If the patient's vision does not reach 1/10 (cannot read the largest line), bring the patient closer to the vision board, if the patient can read the top line 2.5 meters away, the vision is 1/20 if the patient reads this line at a distance of 1 meter then his vision is 1/50.

If the patient cannot read any words, have the patient count their fingers and write the results according to the finger count distance, eg DNT 2 m, DNT 50 cm.

If the patient cannot count fingers, then check the ability to distinguish light from the light direction. If the eye can still distinguish between light and light direction, write ST (+) and the light direction is good. If you cannot distinguish between light and dark, write ST (-).

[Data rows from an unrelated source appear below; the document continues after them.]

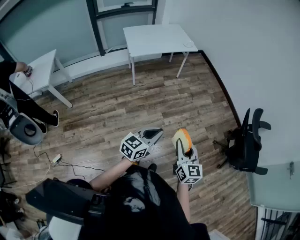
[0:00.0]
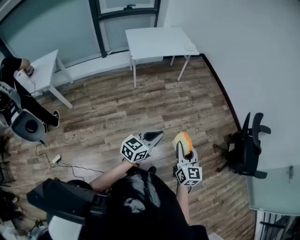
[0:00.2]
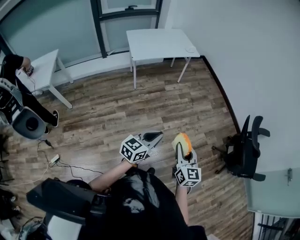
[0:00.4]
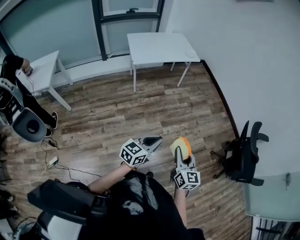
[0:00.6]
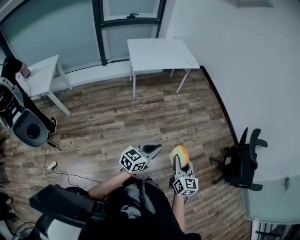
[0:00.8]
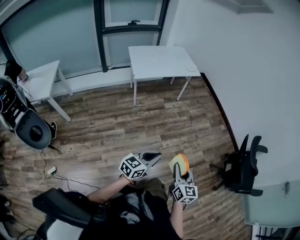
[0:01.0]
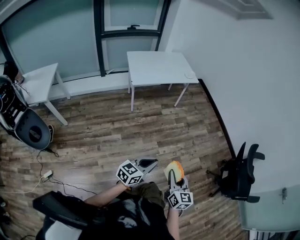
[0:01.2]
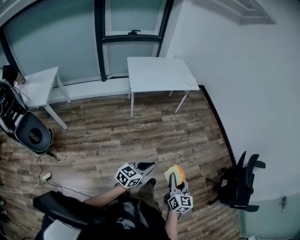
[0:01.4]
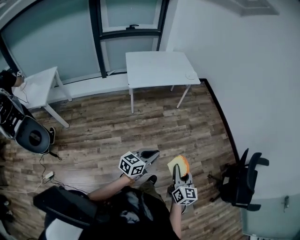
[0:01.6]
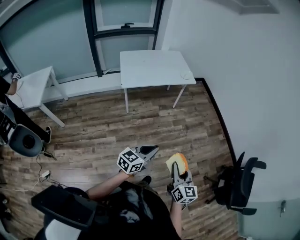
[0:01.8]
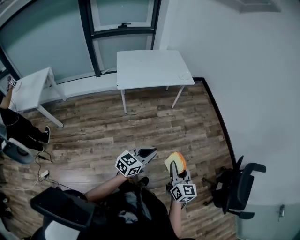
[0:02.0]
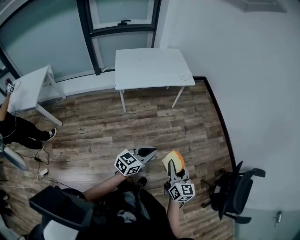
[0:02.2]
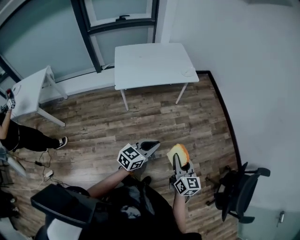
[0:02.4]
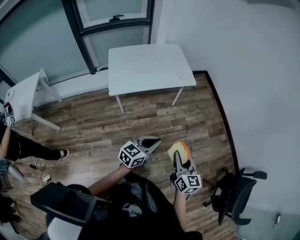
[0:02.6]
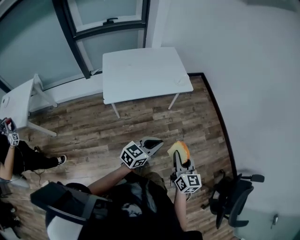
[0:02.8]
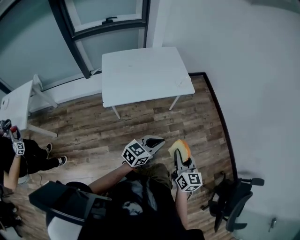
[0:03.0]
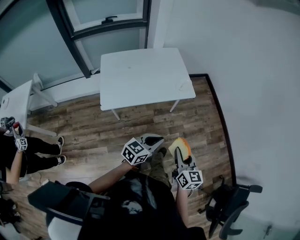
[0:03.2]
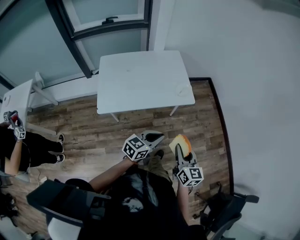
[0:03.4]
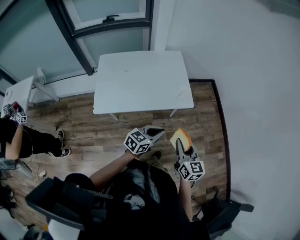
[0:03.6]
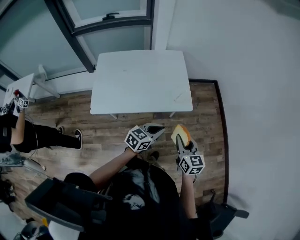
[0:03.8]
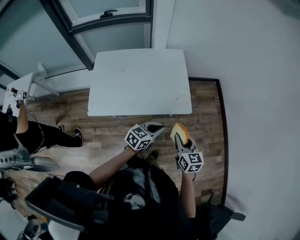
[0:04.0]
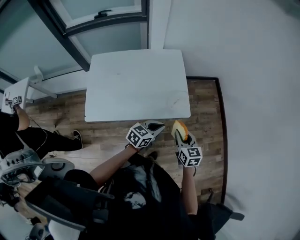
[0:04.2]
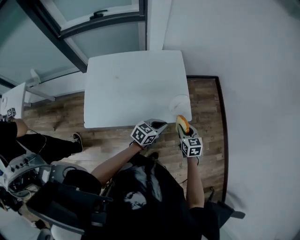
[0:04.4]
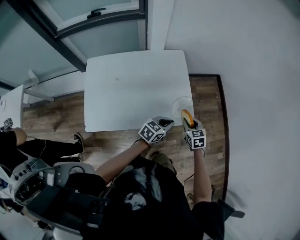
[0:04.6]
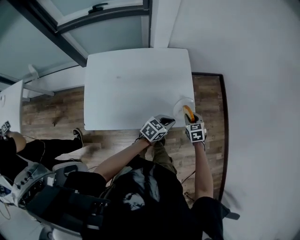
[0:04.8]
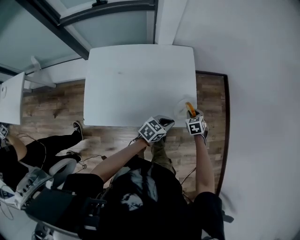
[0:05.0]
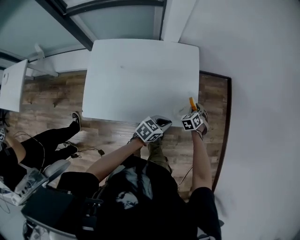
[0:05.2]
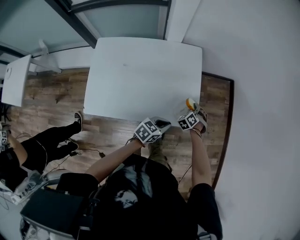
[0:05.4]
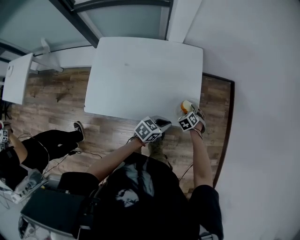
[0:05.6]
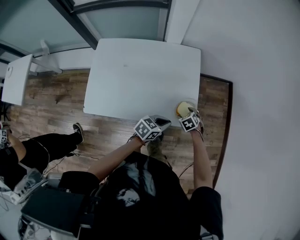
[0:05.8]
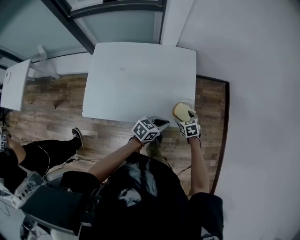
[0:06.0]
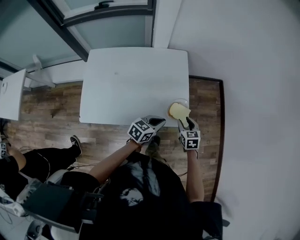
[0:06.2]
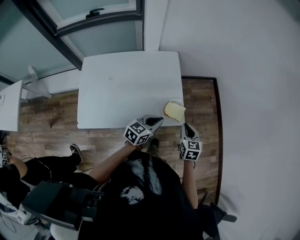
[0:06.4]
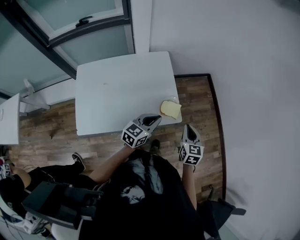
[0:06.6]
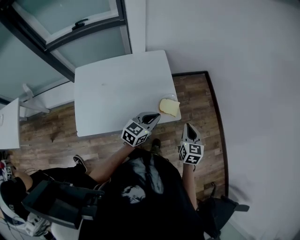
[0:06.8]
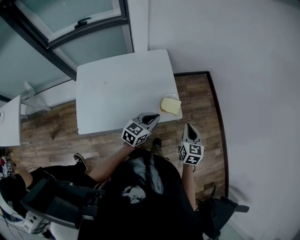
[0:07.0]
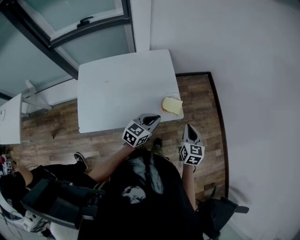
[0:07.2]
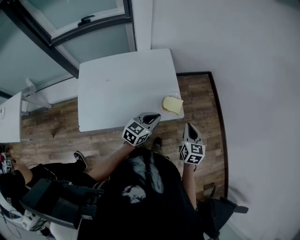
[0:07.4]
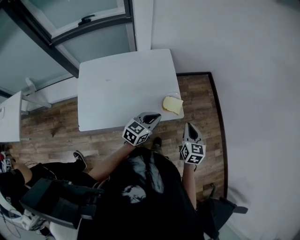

Optometry with hole glasses

Eyeglass is an eyepiece with one or more holes, or it can be a black mask like a test lens in the centre with a small hole. The use of porthole allows to quickly distinguish vision loss caused by a refractive error from fundus or vitreous lesions. Here's how to do it:

Cover the patient's eye without testing. Place the hole in front of the eye to be tested, adjust the position of the pore glass so that the patient can see the test word clearly. Ask the client to read the words from top to bottom to the smallest visible word and record the results of their vision.

Photo: Vision table

Close vision measurement

The patient wears appropriate reading glasses, the near vision panel is positioned 33 cm to 35 cm away from the eye and is bright enough. Cover the patient's left eye and have the patient read the words on the smallest line of the test panel. Cover the client's right eye and measure left eye vision as above. Remove eye cover and have both eyes checked.

Record visual acuity in each eye and in both eyes. Example P2 (reading line 2 of the Parinaud table), J4 (reading line 4 of Jaeger), or 4/10 (near acuity equates to distant vision 4/10).